Seven Traits of Pastors Who Lead Breakout Churches

If you want to experience an “aha” moment about revitalizing churches, this research may be near the top.

Most of you have heard the dire information and statistics about congregations in North America. Indeed, I have been among the purveyors of the negative news. For sure, the overall picture is gloomy. There is no hiding from that reality.

Reasons for Hope

But I remain an obnoxious optimist about churches across our nation. And one of the primary reasons I do so is some ongoing research and observations about churches that have truly been revitalized.

My own research began several years ago and culminated in my book, Breakout Churches. It was a massive project, beginning with over 50,000 churches. My research, and that of many others, continues to this day.

While most of the research has focused on information endemic to structural and congregational issues, I have taken a laser approach to look at the leaders of these churches. And while I will release more comprehensive information later in a video consultation, I am incredibly excited to release some key information about leaders of these churches today.

The Seven Traits

The churches I have studied are churches that were once declining, but now are growing in a healthy fashion. The decline may have been dramatic, or it may have been almost imperceptible. In almost every case, however, the pastor embodied seven key characteristics.

In some of the churches, the pastors were new, and the presence of a new leader energized the congregations to move forward. In other churches, the pastors had been the leader during the decline, but now they were leading a church headed in a positive direction, a breakout church.

But here is a key to remember.
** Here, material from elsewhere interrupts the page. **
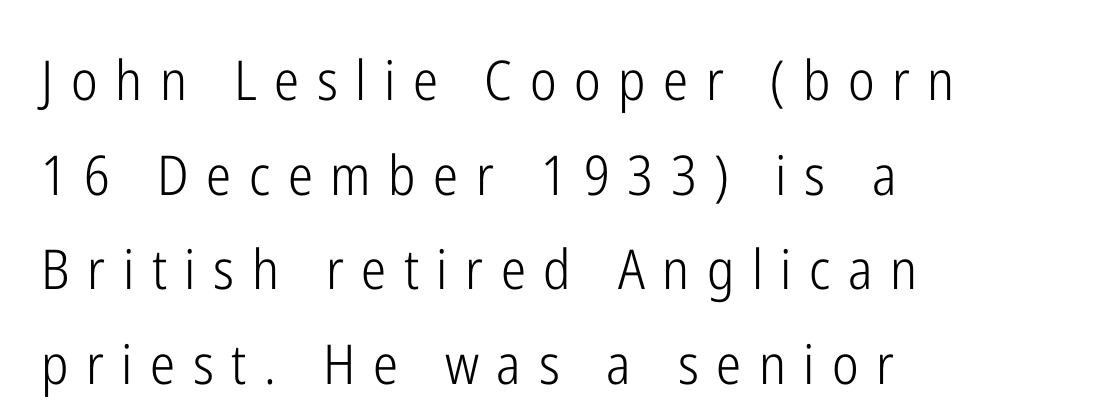
A quiet, ordinary-to-light weight characterises the typeface. The letters advance in unequal steps, a hallmark of proportional type. Tracking here is generous; glyphs stand well apart from one another. Italic: no, the glyphs are upright roman.

The pastors intentionally adopted seven traits that were key to the churches’ turnaround. Let’s look at each of them briefly.
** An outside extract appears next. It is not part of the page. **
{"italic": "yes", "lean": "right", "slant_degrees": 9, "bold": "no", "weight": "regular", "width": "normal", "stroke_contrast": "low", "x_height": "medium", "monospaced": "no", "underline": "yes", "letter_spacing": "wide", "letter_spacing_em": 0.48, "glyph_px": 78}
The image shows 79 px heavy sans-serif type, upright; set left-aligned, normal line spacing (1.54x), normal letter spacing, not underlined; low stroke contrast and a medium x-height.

  1. These pastors faced reality. They looked at the current condition of the church. They likely did an informational historical survey of attendance trends. They refused to put their heads in the sand.
  2. They became leaders of hope. They looked at biblical truth regarding possibilities. They communicated that hope to their congregations. They truly believed all things are possible through God, including the revitalization of seemingly dying churches.
  3. These pastors adopted a long-term perspective. They likely did not make some type of public declaration of their intent, but they did begin leading as if they were going to be at their current church for around ten years. Most of them admitted that they did not want to close the door if they sensed God’s leadership elsewhere, but they led as if they were going to be around for a while. In other words, they were not seeking to move.
  4. They led incrementally. Because they had a long-term perspective, they were willing to lead in a way that the congregation could manage. It was not at the speed the pastors desired, but it was healthy for the churches.
  5. They learned how to deal with critics and setbacks. Most of these pastors determined that they would deal with challenging issues in a positive way. Many of them had their own inner processes developed to deal with critics. I have articulated many of those issues in previous posts.
  6. The pastors developed their own intentional outward focus. Many of them admitted they had become inwardly focused, so they started intentionally getting out in their communities. A number of them became highly intentional about sharing their faith on a regular basis.
  7. They led their churches to an outward focus. These pastors began to lead their churches beyond their own walls. More energy and time were devoted to connecting with their communities and beyond. The congregations became Great Commission churches in action, not just in theory.

The Most Encouraging Part

Though any story or report of church revitalization is encouraging, I was particularly encouraged to find pastors who had moved from a sense of hopelessness in their own leadership and churches, to an attitude of hopefulness and possibilities.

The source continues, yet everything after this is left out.